▶ _WHAT YOU ARE ASKED TO DO_
Please reproduce all of the data below exactly, leaving each picture out.

Top of DATA SECTION

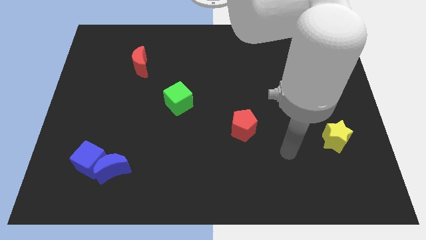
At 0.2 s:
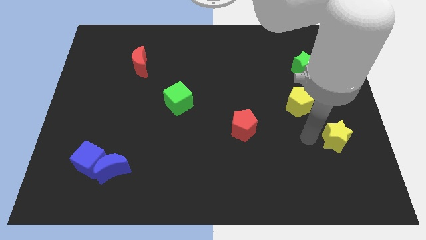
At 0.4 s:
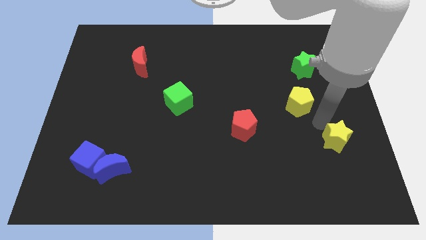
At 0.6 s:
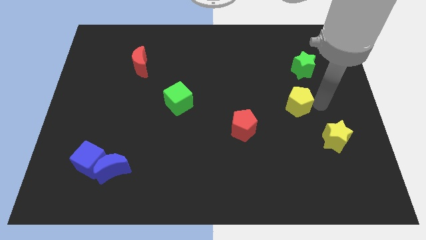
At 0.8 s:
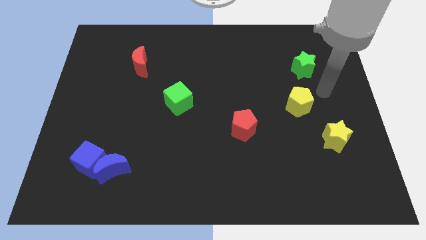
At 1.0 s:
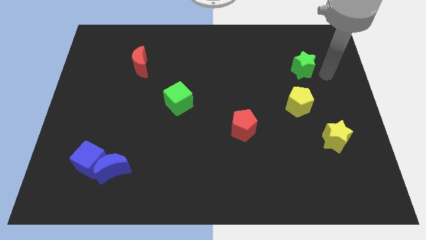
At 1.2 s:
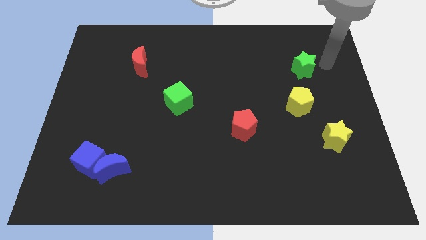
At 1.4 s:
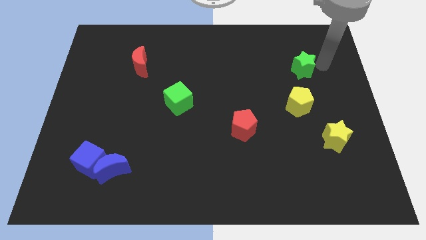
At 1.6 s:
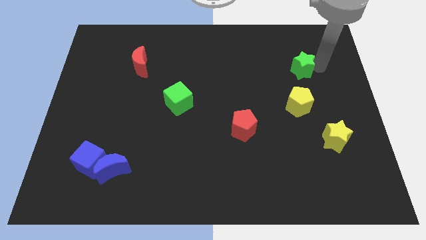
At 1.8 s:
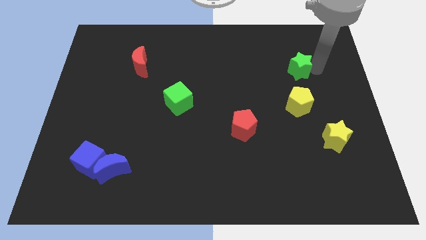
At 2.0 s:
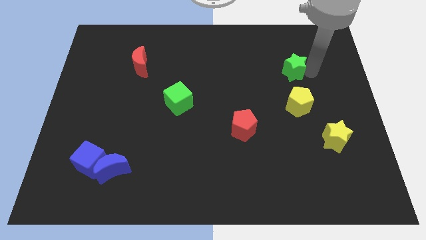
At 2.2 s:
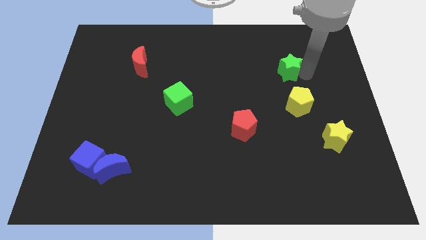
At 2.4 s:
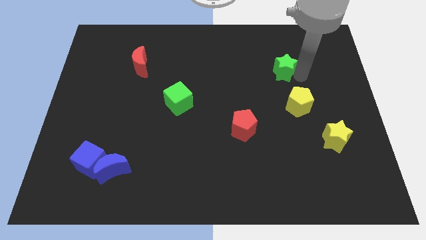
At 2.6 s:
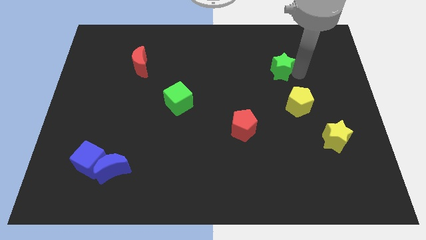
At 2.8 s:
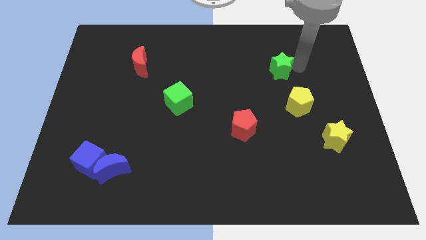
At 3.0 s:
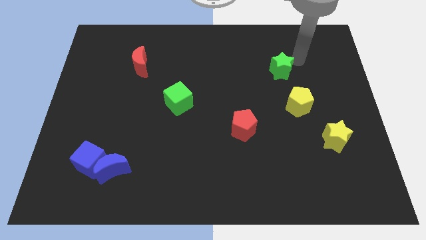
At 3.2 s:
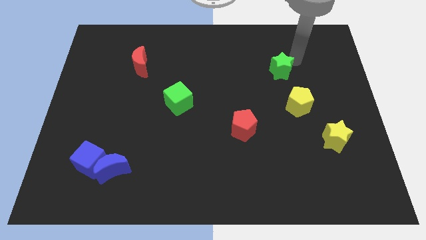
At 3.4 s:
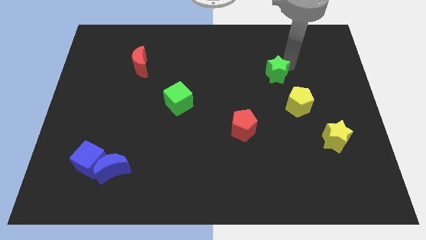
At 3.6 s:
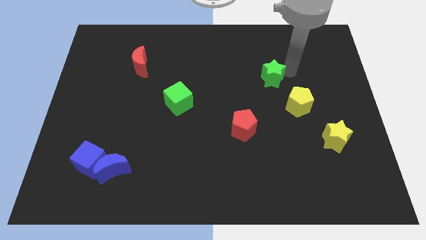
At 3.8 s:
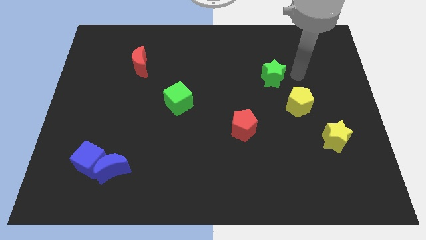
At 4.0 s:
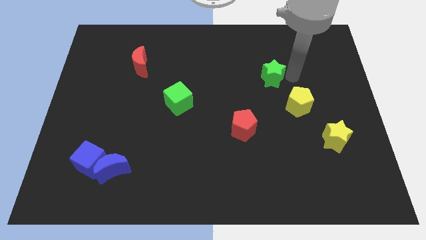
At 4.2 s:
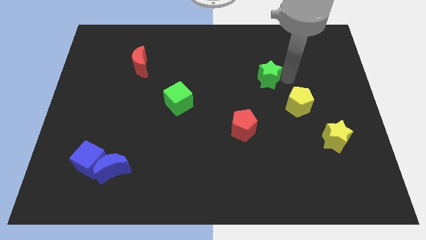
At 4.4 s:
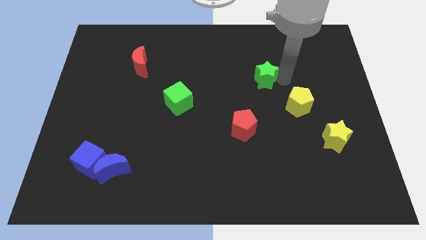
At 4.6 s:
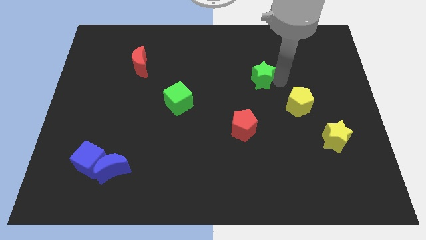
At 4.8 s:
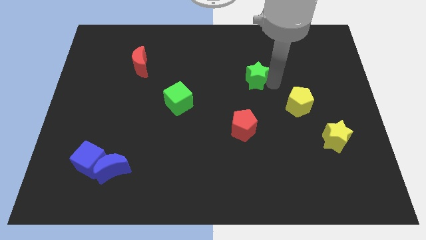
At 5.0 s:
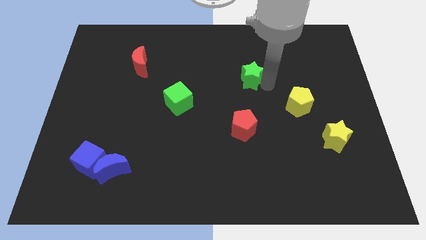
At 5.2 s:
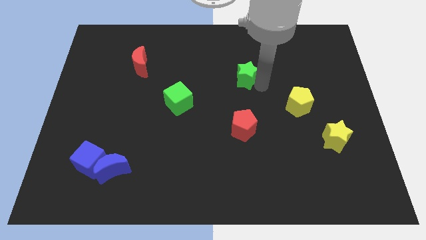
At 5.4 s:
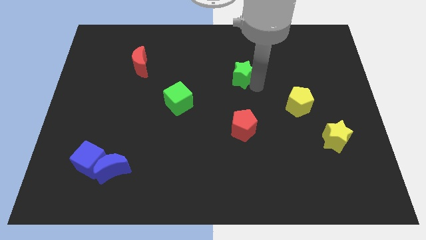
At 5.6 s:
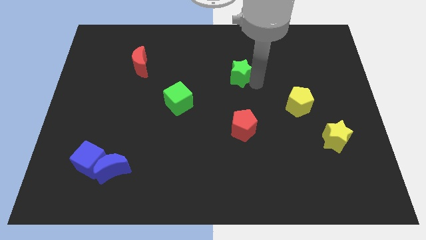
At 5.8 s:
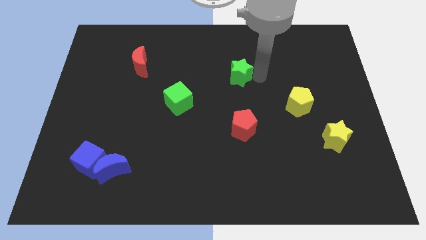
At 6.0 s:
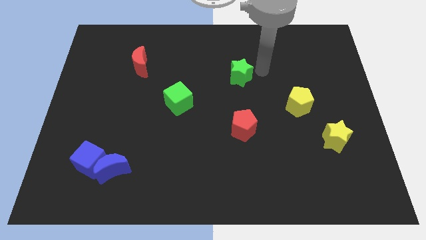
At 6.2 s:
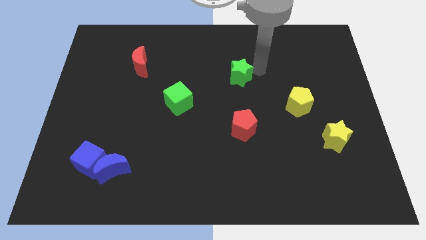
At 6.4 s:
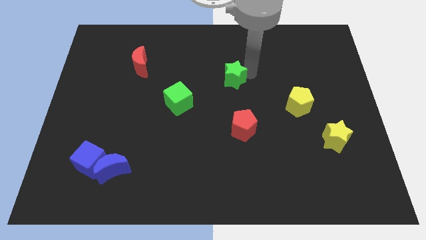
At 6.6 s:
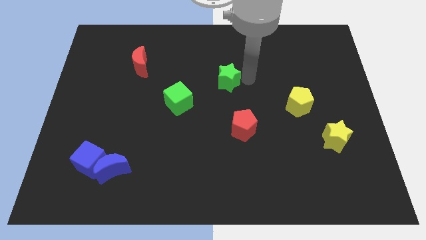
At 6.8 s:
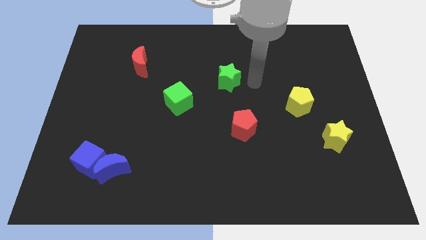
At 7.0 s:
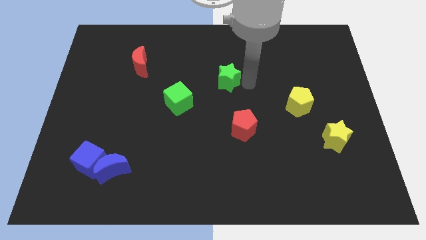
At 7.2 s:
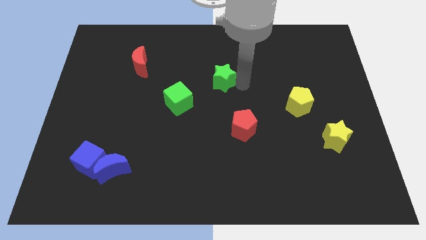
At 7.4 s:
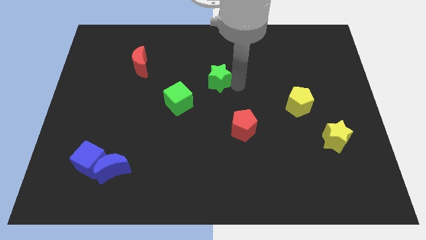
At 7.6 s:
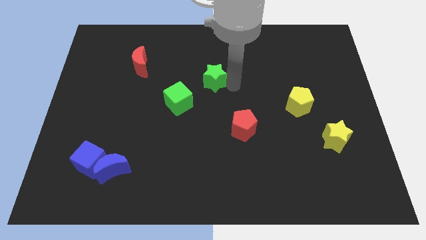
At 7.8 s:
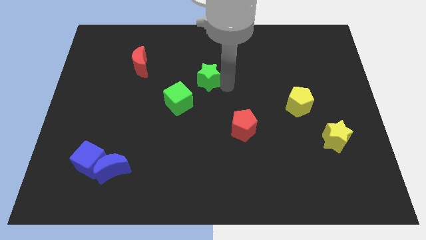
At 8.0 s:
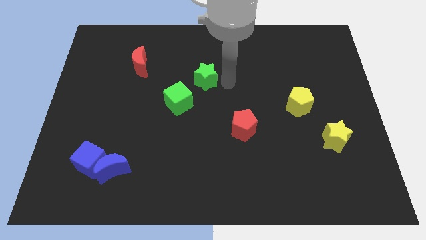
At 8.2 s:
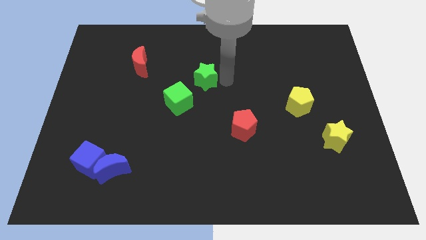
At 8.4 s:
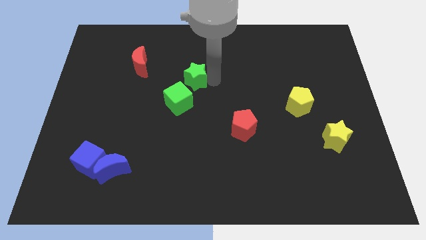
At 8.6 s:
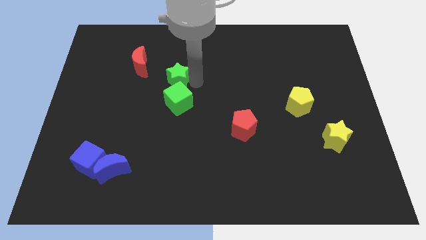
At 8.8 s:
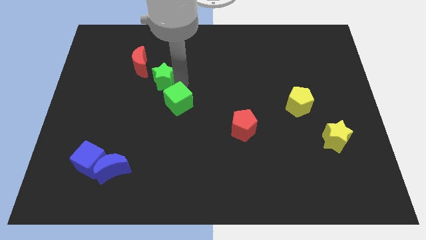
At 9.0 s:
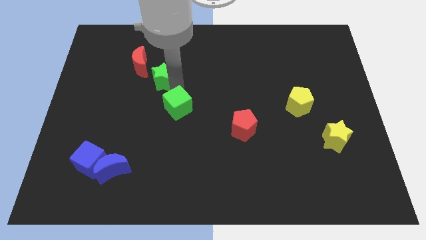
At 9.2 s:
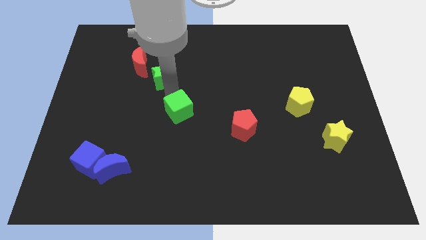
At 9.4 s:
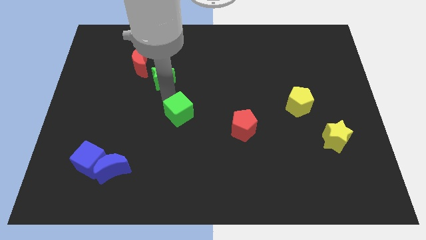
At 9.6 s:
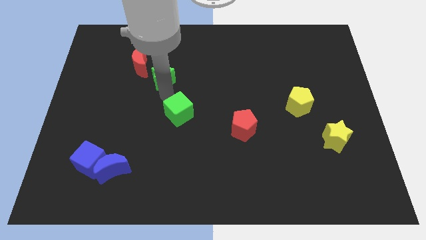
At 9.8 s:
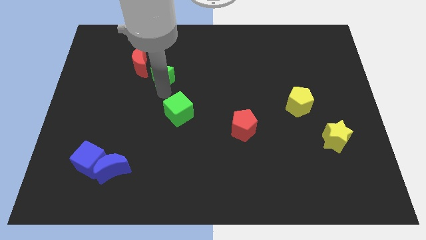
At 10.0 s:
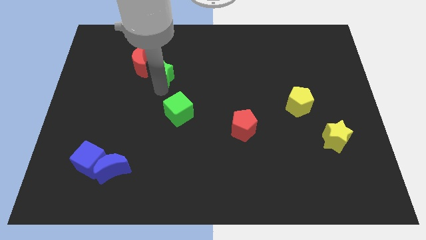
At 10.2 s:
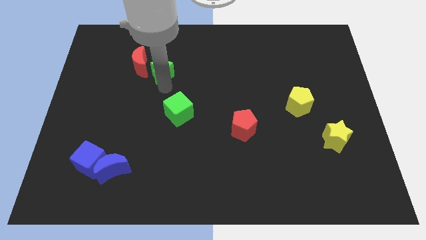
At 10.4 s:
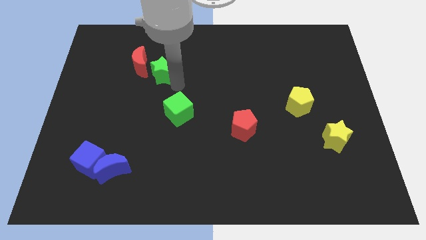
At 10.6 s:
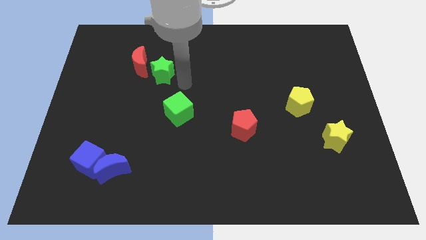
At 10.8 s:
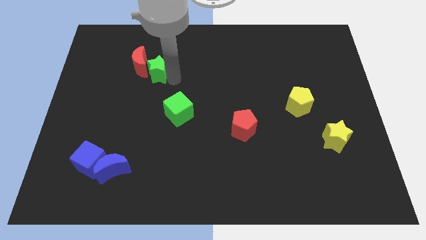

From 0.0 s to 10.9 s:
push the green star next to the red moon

Bottom of DATA SECTION

▶ _EXERCISE ANSWER_
At 0.2 s:
At 0.4 s:
At 0.6 s:
At 0.8 s:
At 1.0 s:
At 1.2 s:
At 1.4 s:
At 1.6 s:
At 1.8 s:
At 2.0 s:
At 2.2 s:
At 2.4 s:
At 2.6 s:
At 2.8 s:
At 3.0 s:
At 3.2 s:
At 3.4 s:
At 3.6 s:
At 3.8 s:
At 4.0 s:
At 4.2 s:
At 4.4 s:
At 4.6 s:
At 4.8 s:
At 5.0 s:
At 5.2 s:
At 5.4 s:
At 5.6 s:
At 5.8 s:
At 6.0 s:
At 6.2 s:
At 6.4 s:
At 6.6 s:
At 6.8 s:
At 7.0 s:
At 7.2 s:
At 7.4 s:
At 7.6 s:
At 7.8 s:
At 8.0 s:
At 8.2 s:
At 8.4 s:
At 8.6 s:
At 8.8 s:
At 9.0 s:
At 9.2 s:
At 9.4 s:
At 9.6 s:
At 9.8 s:
At 10.0 s:
At 10.2 s:
At 10.4 s:
At 10.6 s:
At 10.8 s:

From 0.0 s to 10.9 s:
push the green star next to the red moon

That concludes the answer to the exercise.